Aim of the task: Pull every line that includes the word "height" from the data.

Task data:
*** Block opens ***

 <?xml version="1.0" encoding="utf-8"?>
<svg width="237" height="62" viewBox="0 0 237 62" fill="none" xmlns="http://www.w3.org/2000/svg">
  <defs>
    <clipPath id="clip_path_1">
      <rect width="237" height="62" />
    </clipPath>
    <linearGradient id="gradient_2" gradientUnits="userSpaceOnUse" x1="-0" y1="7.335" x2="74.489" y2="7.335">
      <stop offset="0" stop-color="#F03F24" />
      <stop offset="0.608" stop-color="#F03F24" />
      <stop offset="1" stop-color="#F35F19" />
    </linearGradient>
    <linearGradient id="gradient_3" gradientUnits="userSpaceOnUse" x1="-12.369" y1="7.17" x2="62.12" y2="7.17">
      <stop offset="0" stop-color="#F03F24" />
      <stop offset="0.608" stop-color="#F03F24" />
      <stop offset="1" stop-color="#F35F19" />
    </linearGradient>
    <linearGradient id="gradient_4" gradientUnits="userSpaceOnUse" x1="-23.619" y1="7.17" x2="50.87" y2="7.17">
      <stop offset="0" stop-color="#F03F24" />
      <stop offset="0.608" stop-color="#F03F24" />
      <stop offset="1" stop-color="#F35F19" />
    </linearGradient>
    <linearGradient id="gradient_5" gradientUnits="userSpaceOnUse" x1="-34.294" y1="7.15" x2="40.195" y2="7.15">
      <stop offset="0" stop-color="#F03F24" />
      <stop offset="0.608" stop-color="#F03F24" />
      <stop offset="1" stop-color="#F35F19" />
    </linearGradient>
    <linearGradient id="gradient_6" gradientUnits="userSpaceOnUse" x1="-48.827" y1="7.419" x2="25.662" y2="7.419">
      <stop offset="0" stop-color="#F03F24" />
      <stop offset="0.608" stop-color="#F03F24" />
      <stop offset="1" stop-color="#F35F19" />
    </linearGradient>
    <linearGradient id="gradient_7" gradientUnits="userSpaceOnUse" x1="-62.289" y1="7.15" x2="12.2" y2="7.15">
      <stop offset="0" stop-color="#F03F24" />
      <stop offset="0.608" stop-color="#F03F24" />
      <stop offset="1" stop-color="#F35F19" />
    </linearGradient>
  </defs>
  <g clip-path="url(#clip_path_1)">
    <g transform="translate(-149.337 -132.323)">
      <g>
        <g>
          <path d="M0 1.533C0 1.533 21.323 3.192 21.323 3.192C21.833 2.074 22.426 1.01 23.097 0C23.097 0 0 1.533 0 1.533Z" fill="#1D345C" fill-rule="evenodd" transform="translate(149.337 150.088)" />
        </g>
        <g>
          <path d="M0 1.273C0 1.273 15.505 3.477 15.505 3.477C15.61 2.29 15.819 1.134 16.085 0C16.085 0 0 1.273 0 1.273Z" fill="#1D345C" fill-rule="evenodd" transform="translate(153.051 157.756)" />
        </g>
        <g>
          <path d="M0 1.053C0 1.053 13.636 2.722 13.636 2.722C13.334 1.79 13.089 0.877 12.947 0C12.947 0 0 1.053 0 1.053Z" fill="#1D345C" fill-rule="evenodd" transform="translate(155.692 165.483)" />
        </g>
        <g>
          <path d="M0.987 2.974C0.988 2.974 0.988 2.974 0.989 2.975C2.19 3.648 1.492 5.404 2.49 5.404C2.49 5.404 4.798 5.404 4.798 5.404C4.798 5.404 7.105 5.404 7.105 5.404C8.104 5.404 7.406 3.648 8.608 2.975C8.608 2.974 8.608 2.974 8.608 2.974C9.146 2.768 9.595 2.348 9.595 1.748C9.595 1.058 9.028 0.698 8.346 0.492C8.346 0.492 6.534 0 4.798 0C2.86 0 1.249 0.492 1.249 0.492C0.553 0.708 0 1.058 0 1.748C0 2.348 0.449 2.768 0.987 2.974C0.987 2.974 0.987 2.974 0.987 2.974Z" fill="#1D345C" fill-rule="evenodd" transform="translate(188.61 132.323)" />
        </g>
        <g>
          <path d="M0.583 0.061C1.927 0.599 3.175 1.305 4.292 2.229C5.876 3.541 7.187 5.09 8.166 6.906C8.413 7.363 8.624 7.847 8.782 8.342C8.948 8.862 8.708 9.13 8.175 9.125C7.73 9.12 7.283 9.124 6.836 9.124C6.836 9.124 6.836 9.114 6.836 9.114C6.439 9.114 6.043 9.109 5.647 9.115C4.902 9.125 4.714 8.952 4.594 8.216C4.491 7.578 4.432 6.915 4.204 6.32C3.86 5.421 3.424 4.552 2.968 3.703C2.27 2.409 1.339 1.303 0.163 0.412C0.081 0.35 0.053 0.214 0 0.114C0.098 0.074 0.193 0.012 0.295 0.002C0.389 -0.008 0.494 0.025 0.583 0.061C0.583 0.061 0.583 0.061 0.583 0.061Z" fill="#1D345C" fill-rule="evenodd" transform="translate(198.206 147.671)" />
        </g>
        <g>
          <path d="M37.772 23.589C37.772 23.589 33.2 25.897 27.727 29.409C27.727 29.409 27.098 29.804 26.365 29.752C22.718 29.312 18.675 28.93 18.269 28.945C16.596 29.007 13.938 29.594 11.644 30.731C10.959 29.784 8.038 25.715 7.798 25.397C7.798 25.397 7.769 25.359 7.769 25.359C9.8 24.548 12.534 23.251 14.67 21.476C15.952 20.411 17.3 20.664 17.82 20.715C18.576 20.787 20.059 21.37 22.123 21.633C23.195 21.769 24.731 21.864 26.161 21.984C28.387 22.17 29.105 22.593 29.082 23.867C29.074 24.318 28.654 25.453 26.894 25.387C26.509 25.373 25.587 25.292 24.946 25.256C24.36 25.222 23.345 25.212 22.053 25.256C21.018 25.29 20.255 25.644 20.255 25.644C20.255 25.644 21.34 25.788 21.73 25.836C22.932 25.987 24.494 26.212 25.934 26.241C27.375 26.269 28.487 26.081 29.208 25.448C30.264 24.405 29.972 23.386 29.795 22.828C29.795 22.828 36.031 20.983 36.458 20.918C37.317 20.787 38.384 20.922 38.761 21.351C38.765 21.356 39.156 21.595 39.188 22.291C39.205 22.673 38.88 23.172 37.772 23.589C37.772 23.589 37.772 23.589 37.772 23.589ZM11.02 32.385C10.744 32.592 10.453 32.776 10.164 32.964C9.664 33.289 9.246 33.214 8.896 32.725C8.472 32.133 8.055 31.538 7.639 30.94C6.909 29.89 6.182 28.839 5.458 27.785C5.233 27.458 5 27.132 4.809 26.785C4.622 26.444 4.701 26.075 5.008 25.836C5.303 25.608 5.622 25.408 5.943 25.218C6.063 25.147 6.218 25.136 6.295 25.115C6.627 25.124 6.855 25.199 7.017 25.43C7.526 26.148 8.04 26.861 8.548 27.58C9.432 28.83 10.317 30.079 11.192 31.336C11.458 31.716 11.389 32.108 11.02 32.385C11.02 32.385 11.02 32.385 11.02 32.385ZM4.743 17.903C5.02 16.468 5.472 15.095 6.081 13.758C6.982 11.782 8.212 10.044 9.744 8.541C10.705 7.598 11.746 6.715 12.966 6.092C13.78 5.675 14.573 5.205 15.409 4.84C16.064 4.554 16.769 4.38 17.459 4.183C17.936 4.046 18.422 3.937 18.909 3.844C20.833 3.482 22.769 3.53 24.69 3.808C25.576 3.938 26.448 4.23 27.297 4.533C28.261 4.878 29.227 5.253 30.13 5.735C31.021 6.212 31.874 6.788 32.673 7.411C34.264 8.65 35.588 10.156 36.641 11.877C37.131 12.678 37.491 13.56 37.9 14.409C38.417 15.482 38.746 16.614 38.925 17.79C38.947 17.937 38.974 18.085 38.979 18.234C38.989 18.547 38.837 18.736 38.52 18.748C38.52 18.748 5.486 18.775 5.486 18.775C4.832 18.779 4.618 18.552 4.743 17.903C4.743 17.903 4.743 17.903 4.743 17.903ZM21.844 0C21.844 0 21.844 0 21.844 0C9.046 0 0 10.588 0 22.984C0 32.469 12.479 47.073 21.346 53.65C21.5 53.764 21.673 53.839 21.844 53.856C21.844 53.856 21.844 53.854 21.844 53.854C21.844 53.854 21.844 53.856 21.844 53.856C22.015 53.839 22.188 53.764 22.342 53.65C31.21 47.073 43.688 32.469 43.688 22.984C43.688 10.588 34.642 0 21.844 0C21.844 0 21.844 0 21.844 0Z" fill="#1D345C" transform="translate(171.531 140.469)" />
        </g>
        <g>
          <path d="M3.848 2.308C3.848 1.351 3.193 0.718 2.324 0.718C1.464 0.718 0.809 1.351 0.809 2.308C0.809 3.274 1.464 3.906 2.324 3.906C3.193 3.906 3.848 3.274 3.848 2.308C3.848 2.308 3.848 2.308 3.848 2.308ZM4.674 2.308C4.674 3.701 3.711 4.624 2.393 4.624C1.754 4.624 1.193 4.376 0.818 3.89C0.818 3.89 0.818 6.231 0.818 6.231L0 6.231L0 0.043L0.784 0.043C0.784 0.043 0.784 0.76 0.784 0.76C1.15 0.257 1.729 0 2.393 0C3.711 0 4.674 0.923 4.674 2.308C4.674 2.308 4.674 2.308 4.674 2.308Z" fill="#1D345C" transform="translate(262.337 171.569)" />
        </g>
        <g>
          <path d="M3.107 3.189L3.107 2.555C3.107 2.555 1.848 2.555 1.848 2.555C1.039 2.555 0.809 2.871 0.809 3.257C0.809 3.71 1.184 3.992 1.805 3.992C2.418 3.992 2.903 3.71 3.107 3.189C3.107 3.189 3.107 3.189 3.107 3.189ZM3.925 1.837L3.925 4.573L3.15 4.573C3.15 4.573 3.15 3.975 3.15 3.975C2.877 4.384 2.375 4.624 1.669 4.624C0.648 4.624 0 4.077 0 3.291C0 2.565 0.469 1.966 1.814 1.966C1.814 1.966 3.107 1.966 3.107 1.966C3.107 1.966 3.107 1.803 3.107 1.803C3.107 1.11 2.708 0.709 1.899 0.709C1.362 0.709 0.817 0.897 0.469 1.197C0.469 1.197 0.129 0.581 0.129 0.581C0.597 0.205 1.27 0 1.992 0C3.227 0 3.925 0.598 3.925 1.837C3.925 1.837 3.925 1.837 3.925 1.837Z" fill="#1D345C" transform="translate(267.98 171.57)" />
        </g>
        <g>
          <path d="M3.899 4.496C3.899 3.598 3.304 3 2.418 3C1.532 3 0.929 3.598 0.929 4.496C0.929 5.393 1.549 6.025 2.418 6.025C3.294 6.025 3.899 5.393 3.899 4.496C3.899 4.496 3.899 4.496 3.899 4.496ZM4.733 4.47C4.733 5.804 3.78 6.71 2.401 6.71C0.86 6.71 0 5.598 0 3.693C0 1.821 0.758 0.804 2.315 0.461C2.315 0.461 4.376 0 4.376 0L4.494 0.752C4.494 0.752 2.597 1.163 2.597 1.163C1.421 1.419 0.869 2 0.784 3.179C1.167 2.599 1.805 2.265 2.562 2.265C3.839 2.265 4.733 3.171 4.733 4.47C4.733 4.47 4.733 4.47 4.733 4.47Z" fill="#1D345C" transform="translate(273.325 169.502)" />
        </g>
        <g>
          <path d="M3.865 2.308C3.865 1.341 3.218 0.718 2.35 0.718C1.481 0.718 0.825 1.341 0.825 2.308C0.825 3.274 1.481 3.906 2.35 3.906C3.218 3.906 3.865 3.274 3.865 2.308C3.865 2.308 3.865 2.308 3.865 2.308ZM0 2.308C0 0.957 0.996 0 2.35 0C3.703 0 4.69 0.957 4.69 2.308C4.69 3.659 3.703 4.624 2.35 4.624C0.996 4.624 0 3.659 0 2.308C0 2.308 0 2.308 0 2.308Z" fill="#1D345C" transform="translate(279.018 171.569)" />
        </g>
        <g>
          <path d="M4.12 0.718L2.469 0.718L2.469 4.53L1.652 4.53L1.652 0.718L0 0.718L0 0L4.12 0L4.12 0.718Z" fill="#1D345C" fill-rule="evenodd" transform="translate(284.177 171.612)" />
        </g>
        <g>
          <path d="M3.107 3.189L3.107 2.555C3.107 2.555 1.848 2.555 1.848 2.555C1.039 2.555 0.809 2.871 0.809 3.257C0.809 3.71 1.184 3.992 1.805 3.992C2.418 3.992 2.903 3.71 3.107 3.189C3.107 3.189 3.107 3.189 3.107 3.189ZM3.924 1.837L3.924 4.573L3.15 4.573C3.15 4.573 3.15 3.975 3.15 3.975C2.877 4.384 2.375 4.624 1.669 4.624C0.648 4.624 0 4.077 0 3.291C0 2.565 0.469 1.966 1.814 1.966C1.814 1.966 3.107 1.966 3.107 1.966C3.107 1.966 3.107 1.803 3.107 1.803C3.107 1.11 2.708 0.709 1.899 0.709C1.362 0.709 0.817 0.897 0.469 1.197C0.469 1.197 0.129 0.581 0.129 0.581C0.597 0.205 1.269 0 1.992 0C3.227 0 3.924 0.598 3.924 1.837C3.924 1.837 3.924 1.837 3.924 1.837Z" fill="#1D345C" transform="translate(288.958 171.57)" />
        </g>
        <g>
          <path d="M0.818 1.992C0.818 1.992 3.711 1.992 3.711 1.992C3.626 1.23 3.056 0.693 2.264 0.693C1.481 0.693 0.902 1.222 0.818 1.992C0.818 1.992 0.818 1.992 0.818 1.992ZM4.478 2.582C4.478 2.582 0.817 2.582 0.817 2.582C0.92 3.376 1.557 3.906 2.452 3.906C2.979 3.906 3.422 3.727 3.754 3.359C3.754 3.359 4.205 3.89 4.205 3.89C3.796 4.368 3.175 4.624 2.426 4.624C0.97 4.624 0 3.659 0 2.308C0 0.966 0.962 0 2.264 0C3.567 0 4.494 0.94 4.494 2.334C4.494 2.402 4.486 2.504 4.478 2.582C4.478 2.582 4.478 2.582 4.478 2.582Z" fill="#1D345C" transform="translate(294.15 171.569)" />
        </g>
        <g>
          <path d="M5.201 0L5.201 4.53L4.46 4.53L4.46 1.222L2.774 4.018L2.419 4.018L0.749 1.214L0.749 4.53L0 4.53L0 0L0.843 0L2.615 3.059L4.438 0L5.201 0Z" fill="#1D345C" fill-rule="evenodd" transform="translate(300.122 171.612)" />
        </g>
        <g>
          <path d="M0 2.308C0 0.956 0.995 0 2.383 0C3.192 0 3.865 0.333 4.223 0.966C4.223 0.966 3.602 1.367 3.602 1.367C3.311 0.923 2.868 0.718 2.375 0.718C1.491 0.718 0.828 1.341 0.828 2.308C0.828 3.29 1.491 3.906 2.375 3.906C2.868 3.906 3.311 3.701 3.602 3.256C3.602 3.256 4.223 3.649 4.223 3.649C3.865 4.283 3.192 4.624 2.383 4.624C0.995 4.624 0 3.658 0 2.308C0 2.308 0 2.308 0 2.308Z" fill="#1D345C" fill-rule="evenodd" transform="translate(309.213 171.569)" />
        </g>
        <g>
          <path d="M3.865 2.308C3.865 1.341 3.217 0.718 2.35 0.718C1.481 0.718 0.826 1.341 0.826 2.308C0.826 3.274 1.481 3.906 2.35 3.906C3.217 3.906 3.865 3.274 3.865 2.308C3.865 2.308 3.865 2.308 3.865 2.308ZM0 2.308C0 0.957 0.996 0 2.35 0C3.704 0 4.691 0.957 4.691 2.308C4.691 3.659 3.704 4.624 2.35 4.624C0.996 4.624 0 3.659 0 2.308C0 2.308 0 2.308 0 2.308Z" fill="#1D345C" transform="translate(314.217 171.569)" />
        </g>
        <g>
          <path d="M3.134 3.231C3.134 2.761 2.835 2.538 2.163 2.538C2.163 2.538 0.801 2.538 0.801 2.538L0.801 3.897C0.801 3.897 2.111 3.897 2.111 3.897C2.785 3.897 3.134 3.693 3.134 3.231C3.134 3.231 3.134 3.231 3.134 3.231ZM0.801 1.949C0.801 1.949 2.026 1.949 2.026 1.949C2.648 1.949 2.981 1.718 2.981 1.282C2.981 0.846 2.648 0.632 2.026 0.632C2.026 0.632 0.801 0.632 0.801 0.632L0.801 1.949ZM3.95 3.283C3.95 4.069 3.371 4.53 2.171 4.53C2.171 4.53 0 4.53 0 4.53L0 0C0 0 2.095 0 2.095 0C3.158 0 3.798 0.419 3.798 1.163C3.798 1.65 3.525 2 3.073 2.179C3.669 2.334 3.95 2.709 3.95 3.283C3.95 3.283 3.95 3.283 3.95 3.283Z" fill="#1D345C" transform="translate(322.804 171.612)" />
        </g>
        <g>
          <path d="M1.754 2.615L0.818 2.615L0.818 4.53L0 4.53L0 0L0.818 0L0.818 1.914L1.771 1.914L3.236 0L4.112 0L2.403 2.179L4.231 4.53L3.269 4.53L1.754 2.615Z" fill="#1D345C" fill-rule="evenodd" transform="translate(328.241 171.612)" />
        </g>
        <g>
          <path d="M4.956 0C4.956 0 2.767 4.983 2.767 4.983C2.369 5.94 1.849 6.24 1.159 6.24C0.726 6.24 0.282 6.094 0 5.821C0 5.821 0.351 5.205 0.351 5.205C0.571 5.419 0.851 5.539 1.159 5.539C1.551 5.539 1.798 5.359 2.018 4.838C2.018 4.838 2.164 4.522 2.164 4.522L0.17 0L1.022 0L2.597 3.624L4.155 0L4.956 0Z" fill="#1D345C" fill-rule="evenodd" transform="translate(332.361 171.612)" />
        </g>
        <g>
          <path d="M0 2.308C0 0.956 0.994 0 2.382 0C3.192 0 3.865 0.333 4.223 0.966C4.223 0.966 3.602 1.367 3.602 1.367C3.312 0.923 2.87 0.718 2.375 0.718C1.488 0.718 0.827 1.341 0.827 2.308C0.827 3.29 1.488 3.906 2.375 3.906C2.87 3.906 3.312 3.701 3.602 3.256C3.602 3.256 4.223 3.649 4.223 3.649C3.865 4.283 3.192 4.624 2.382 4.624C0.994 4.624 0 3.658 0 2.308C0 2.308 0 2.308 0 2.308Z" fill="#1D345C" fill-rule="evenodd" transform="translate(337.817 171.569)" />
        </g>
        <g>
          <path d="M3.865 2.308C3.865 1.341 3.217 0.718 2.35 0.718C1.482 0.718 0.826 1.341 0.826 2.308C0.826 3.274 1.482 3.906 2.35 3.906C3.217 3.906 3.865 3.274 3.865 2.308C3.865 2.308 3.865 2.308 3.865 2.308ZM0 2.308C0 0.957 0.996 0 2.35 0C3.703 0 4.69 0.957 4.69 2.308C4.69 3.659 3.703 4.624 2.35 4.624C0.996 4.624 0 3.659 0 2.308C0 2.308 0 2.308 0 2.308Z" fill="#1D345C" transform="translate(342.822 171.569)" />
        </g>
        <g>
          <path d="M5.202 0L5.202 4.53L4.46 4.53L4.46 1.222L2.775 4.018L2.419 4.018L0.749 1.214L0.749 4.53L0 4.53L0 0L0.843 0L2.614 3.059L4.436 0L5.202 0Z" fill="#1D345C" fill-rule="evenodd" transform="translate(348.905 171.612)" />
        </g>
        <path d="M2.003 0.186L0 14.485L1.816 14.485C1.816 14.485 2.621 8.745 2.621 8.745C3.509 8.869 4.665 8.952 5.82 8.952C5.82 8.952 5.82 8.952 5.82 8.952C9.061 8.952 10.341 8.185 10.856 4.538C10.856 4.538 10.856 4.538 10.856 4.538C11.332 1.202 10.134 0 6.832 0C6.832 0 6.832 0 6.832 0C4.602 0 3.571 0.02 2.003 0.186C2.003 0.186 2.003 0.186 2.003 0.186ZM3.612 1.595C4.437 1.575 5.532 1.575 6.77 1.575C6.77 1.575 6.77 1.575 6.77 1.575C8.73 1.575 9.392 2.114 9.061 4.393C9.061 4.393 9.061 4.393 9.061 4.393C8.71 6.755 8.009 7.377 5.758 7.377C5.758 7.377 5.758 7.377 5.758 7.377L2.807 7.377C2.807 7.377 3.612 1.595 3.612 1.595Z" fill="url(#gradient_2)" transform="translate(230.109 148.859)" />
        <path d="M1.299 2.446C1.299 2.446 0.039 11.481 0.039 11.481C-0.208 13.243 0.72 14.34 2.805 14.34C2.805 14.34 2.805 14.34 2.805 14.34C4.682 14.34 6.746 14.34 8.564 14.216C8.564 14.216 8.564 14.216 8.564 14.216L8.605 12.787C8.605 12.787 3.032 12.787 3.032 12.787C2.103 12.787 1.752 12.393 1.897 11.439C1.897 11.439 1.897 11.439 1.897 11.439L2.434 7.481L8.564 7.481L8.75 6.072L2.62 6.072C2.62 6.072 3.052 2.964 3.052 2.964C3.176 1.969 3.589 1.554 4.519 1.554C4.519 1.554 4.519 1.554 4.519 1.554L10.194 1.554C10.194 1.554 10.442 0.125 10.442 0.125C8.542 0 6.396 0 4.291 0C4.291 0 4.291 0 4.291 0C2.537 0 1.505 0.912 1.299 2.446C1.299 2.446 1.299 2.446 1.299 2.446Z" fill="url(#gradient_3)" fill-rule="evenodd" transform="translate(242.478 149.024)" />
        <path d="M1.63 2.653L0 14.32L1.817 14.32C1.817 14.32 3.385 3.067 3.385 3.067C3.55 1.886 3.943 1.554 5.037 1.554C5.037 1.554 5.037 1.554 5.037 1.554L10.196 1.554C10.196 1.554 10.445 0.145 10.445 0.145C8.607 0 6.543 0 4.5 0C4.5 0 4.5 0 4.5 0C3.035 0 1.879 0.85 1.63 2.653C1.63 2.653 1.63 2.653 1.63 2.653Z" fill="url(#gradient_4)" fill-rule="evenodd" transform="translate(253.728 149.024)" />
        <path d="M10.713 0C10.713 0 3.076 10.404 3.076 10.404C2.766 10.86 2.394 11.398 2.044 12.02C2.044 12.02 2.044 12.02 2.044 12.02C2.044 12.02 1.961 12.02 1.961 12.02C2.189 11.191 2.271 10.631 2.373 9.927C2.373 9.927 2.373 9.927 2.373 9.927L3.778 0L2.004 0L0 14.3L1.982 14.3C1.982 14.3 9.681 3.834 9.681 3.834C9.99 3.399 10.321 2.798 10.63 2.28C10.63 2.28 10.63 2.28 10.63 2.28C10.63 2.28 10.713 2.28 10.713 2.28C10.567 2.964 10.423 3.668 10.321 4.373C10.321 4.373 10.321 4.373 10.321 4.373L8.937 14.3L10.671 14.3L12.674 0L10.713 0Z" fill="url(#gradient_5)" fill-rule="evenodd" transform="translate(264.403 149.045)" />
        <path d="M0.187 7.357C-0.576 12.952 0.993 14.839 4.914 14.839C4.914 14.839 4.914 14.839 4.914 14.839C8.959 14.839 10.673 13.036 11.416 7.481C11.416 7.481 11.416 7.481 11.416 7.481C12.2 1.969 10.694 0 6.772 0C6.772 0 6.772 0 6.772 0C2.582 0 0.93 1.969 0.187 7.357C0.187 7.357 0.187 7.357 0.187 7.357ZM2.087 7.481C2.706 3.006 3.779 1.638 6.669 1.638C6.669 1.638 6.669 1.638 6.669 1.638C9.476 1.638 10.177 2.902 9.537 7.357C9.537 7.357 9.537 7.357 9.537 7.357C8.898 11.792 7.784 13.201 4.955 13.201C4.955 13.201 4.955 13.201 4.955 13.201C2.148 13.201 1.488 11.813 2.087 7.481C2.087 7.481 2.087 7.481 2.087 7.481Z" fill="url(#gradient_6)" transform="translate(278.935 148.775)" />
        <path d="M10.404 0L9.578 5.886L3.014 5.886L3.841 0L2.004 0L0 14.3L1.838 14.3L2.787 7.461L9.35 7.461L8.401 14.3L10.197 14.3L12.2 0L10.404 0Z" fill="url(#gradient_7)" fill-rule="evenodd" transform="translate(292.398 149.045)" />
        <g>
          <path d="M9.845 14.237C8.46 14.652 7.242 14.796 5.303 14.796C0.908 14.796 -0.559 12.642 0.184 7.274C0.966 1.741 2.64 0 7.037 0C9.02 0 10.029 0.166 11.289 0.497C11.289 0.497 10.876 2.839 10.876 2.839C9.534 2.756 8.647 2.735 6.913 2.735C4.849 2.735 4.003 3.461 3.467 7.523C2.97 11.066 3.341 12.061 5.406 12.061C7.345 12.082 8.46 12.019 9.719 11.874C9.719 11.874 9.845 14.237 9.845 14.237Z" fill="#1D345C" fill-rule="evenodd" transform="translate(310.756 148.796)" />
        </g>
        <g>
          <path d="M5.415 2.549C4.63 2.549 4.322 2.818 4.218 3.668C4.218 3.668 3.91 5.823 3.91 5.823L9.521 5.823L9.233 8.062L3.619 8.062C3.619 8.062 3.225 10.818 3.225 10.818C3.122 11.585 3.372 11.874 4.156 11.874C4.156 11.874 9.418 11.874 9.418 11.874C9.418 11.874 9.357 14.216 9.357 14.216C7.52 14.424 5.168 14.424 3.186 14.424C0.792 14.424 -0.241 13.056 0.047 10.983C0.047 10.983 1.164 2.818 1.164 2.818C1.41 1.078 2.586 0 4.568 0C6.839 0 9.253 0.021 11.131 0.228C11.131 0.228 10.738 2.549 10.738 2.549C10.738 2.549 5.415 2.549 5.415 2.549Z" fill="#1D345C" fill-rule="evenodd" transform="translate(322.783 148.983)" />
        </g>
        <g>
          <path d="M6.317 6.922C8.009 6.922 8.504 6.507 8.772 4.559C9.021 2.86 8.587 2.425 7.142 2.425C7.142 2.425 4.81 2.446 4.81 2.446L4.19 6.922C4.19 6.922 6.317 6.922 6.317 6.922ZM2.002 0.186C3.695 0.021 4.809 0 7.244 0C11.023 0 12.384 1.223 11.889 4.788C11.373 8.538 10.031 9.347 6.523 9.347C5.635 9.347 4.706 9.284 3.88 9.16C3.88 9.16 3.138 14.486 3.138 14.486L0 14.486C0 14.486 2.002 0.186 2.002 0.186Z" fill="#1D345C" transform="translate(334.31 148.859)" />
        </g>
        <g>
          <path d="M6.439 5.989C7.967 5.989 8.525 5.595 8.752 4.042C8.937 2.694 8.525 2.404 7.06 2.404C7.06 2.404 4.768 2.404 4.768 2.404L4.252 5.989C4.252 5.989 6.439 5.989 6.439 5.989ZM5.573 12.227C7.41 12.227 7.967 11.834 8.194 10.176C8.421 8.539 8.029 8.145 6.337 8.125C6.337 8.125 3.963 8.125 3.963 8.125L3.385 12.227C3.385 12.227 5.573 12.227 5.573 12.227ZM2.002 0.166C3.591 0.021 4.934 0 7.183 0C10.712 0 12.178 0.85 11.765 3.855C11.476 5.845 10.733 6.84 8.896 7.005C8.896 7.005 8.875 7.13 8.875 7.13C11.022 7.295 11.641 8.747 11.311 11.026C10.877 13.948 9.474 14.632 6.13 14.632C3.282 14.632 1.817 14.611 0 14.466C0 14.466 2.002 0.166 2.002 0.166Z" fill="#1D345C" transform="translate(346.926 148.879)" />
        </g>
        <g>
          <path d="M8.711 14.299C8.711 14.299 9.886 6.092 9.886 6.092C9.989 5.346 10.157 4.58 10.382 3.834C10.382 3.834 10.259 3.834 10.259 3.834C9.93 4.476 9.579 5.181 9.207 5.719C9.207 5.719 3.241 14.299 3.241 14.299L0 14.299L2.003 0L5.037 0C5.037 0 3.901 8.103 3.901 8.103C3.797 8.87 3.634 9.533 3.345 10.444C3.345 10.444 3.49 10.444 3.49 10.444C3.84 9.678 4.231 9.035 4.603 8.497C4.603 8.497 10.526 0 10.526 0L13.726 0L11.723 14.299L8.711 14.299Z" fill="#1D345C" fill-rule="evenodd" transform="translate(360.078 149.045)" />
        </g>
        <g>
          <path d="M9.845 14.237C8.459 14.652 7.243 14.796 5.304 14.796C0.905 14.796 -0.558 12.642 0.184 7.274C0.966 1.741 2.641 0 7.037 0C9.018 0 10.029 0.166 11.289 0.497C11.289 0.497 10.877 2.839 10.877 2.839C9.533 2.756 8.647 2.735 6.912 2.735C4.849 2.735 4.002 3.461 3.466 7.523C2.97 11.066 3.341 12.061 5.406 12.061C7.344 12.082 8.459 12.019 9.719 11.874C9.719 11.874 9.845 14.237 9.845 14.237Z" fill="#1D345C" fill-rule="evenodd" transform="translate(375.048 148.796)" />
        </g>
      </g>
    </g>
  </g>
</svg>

*** Block closes ***

Solution for this problem:
<svg width="237" height="62" viewBox="0 0 237 62" fill="none" xmlns="http://www.w3.org/2000/svg">
      <rect width="237" height="62" />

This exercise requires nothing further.